What you are asked to do: Your answer must be the data repeated exactly, with no pictures in it.

Information:
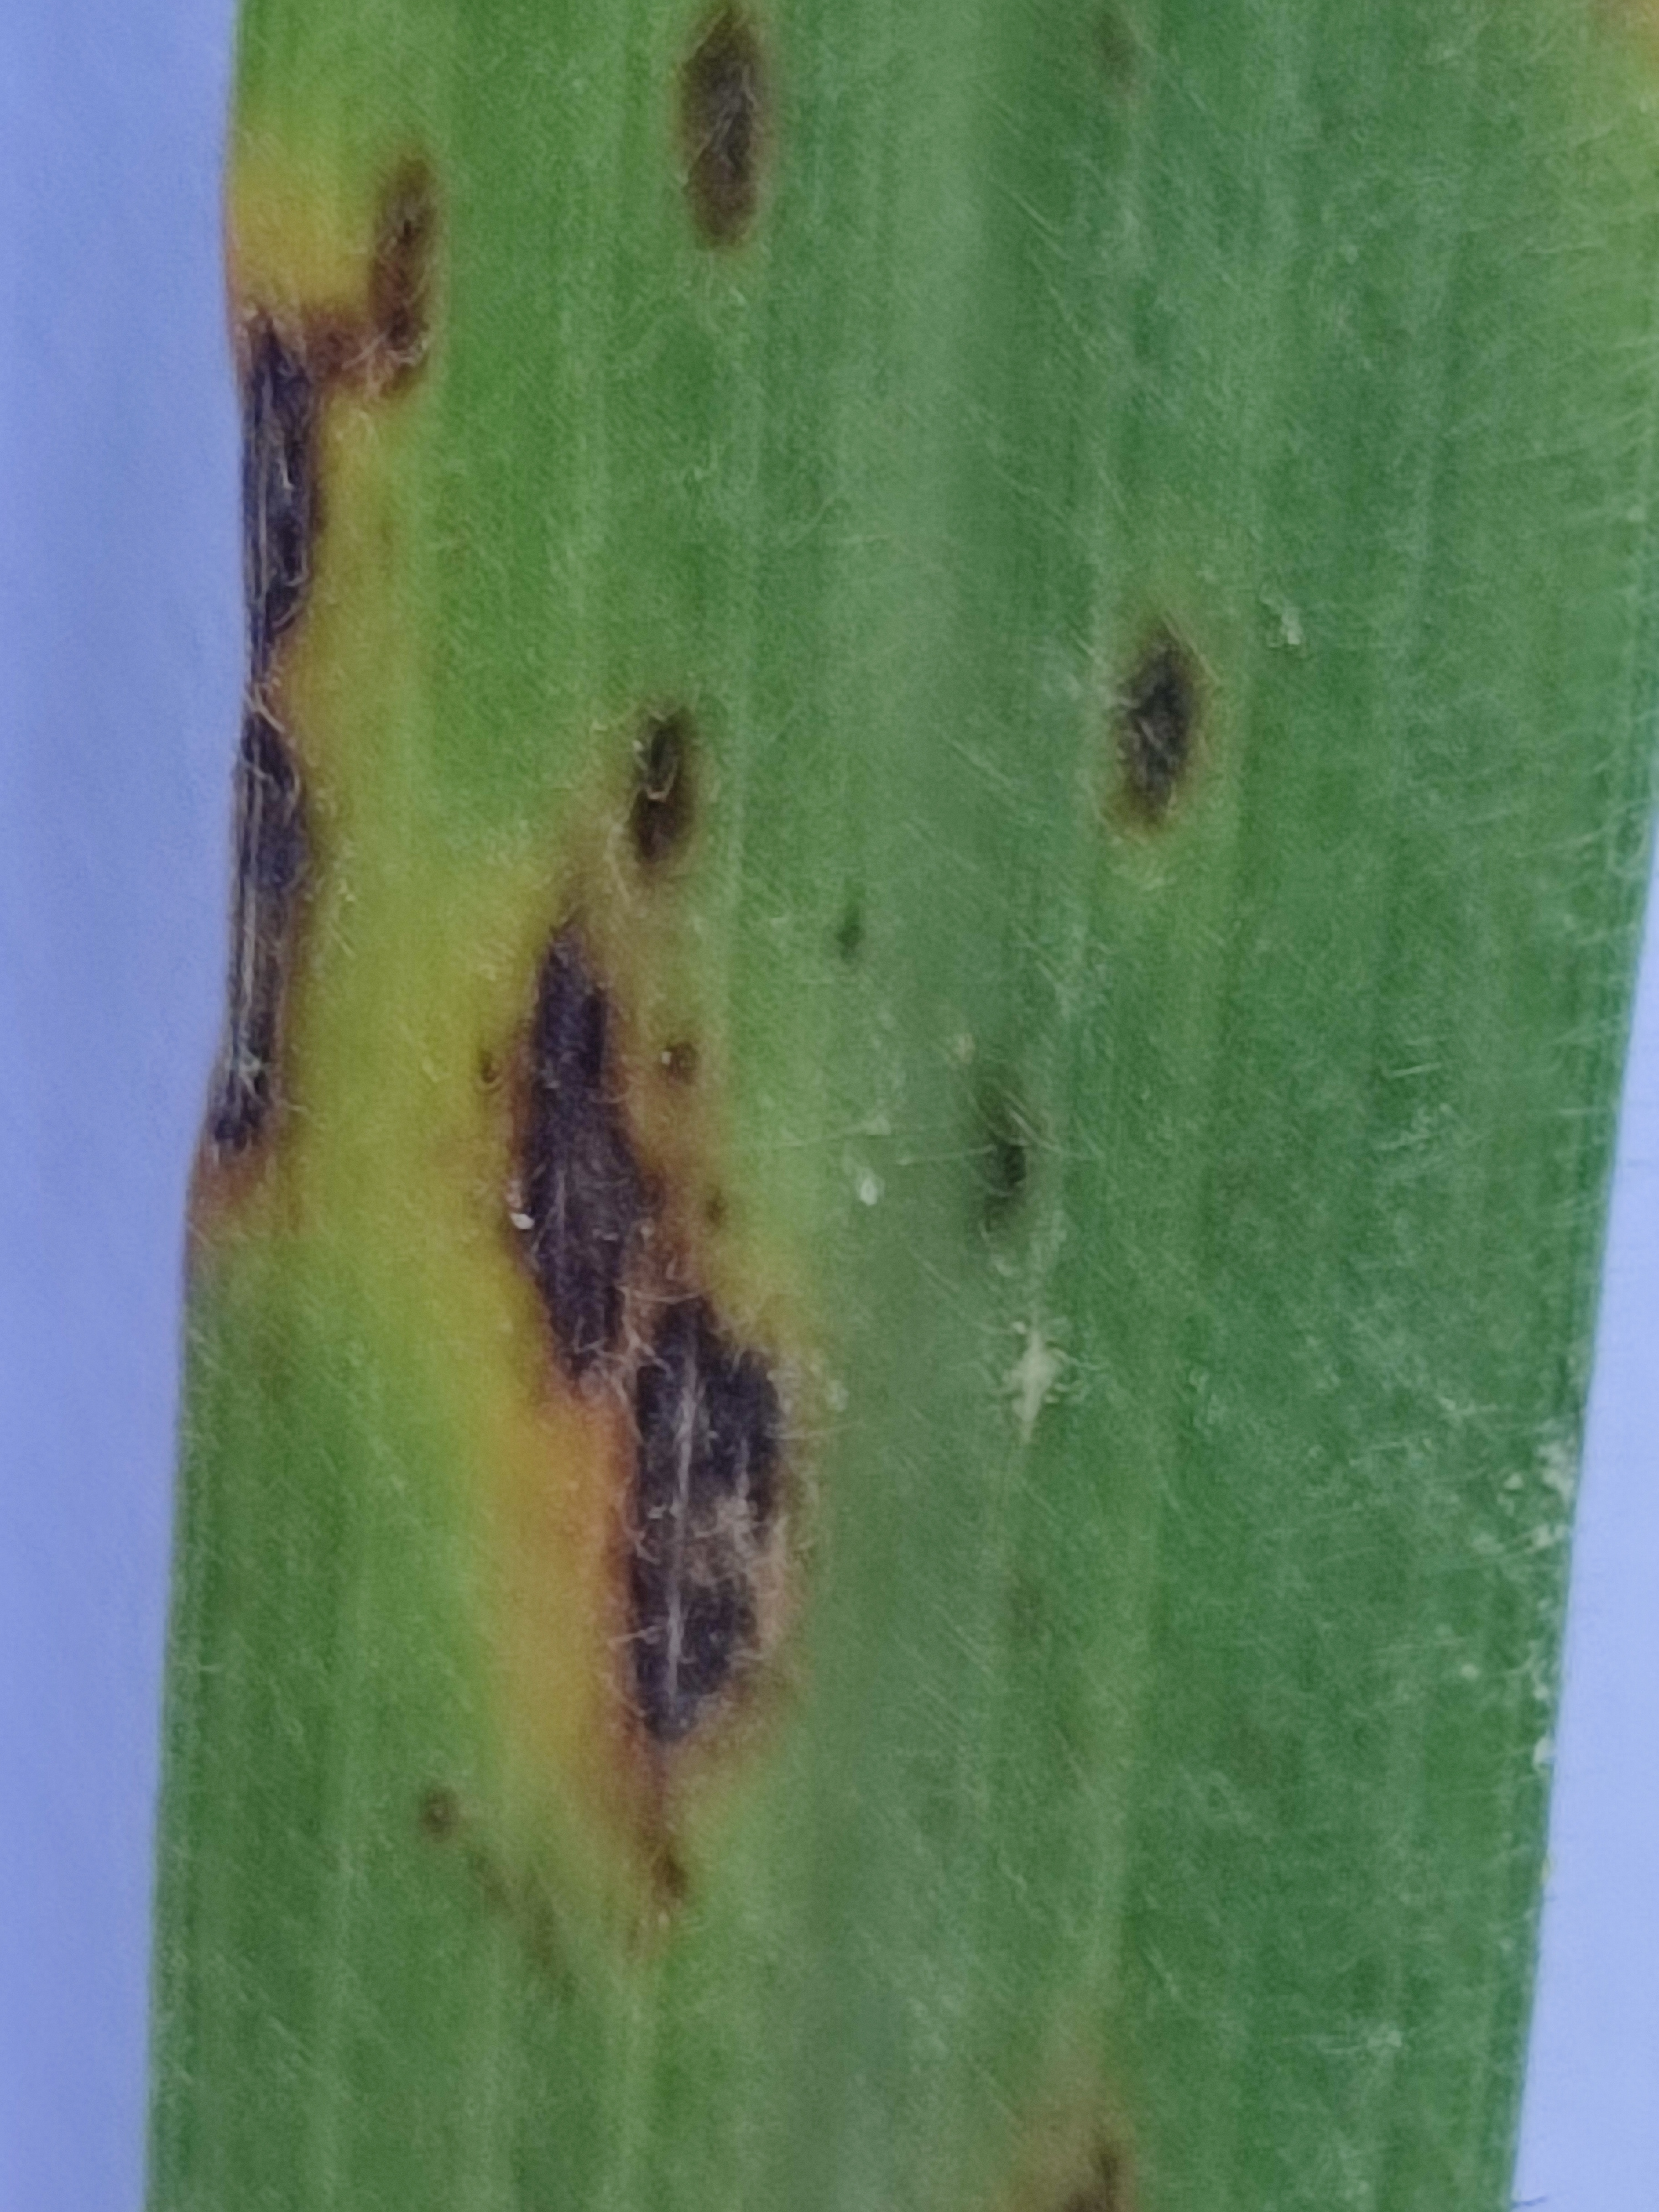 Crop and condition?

pearl millet, pyricularia sp.
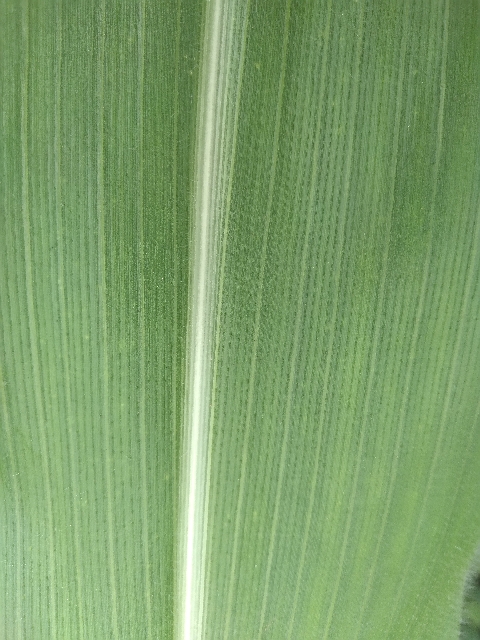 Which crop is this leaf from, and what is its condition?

maize, healthy
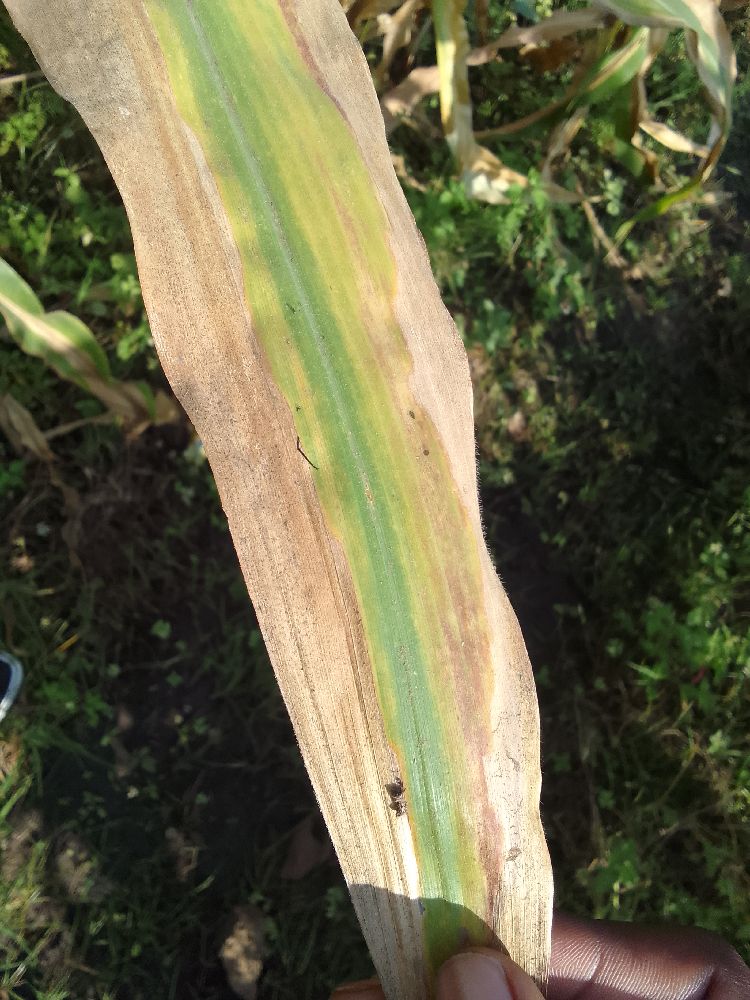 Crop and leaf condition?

maize, maize lethal necrosis
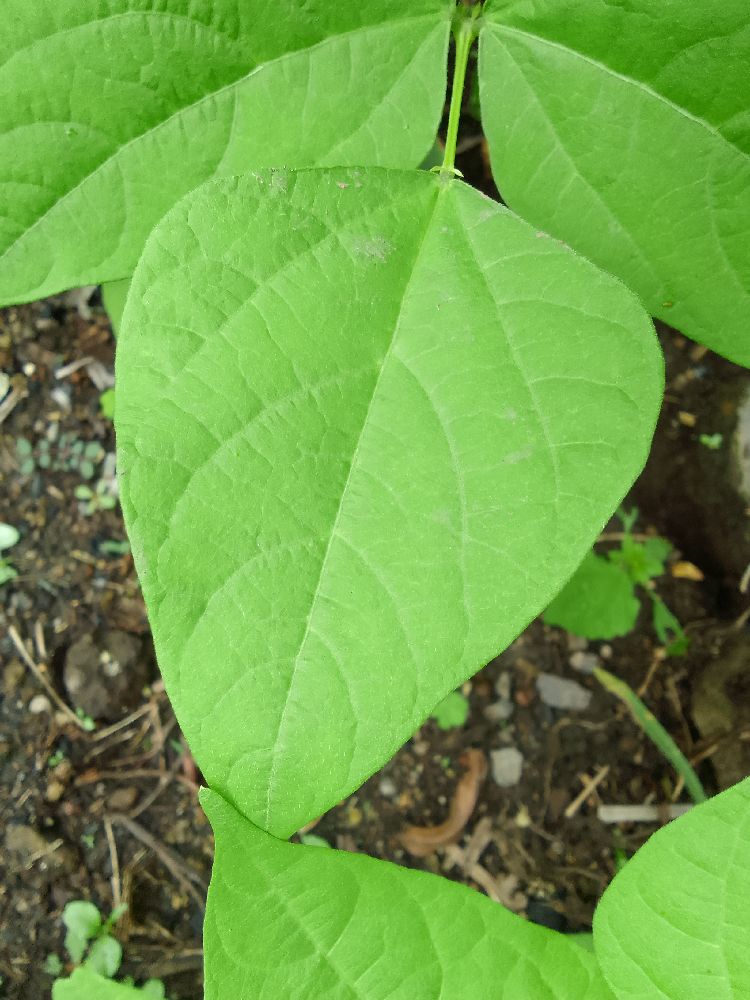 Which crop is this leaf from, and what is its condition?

common bean, healthy

Solution below:
 Crop and condition?

pearl millet, pyricularia sp.
 Which crop is this leaf from, and what is its condition?

maize, healthy
 Crop and leaf condition?

maize, maize lethal necrosis
 Which crop is this leaf from, and what is its condition?

common bean, healthy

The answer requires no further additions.